My throat tightened. I know.
Do you? His amber eyes held mine. Because when it happens—when I have to burn corruption off someone you want to save, when I have to enforce the boundary you set—you’re going to hate me for it.
I won’t—
You will, he interrupted.
No. He was wrong. I could handle it. I had to handle it…but the knot in my throat didn’t agree.
In the moment, he said, when you’re watching someone die because I chose the system over them, you’ll hate me. And I need to know if you still want me there anyway.
The question hung between us.
Yes, I said, my voice barely above a whisper. I still want you there.

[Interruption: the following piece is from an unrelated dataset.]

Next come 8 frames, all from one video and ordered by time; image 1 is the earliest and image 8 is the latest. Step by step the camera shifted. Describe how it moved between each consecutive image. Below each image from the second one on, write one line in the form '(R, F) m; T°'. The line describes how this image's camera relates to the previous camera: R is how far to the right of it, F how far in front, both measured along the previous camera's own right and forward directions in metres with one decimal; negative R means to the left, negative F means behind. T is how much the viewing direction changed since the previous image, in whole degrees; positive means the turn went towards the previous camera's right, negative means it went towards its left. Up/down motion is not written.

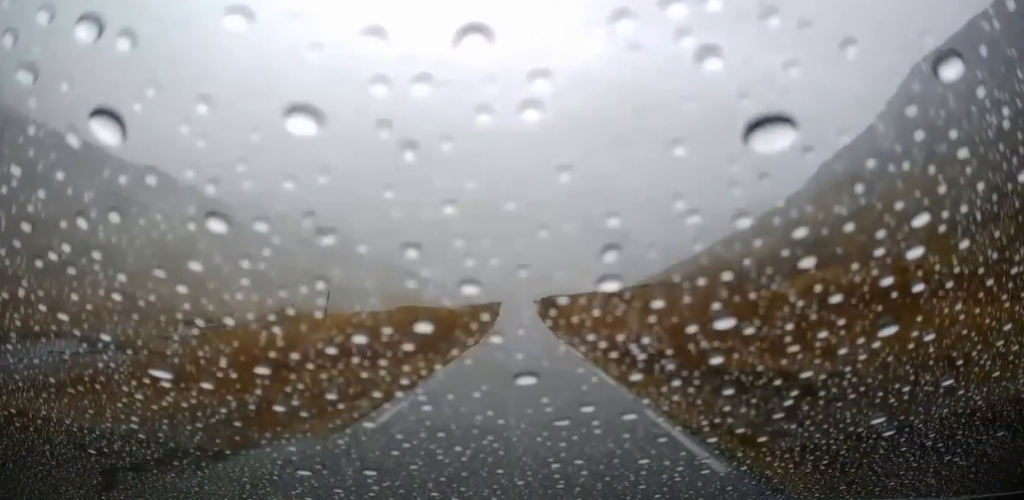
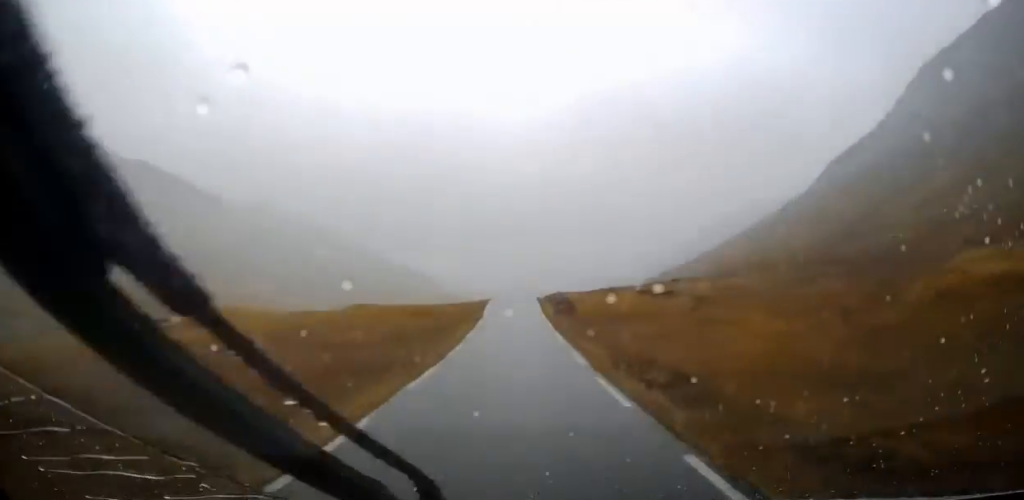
(+0.1, +20.2) m; 0°
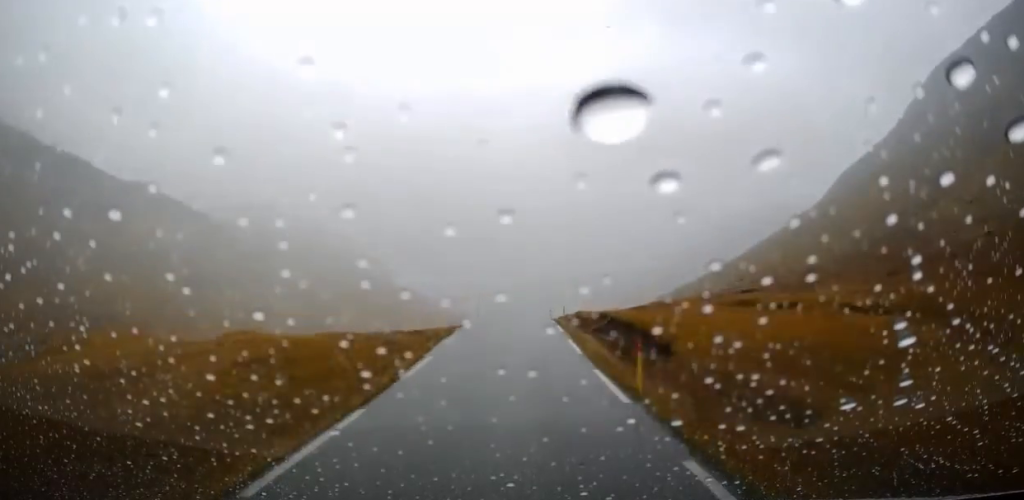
(+0.2, +22.9) m; 0°
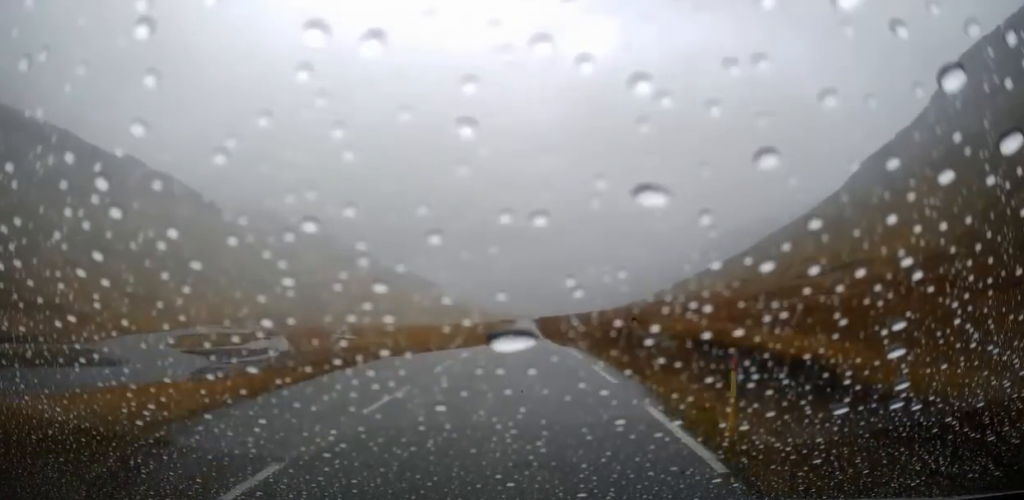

Even if I have to choose the system over someone you love?
Even then.
Something shifted in his expression, not relief but acceptance.
We’re going to carry this, he said quietly. Whatever happens, whoever we can’t save, we carry it together.
Together, I agreed.
His arms came around me, solid and protective, but also vulnerable in a way Cyrus rarely allowed.
I’m scared, he admitted against my hair. Not of dying. Of having to be the one who enforces the choice. Of watching you break because I did what you asked me to do.
I’m scared too, I whispered back. Of making the choice. Of living with who it doesn’t save.
We stood there in the empty training hall, holding each other beneath the weight of what we’d agreed to.
This wasn’t reassurance or comfort. It was something harder—a shared understanding that solstice would break something in both of us.
And we had chosen it with open eyes.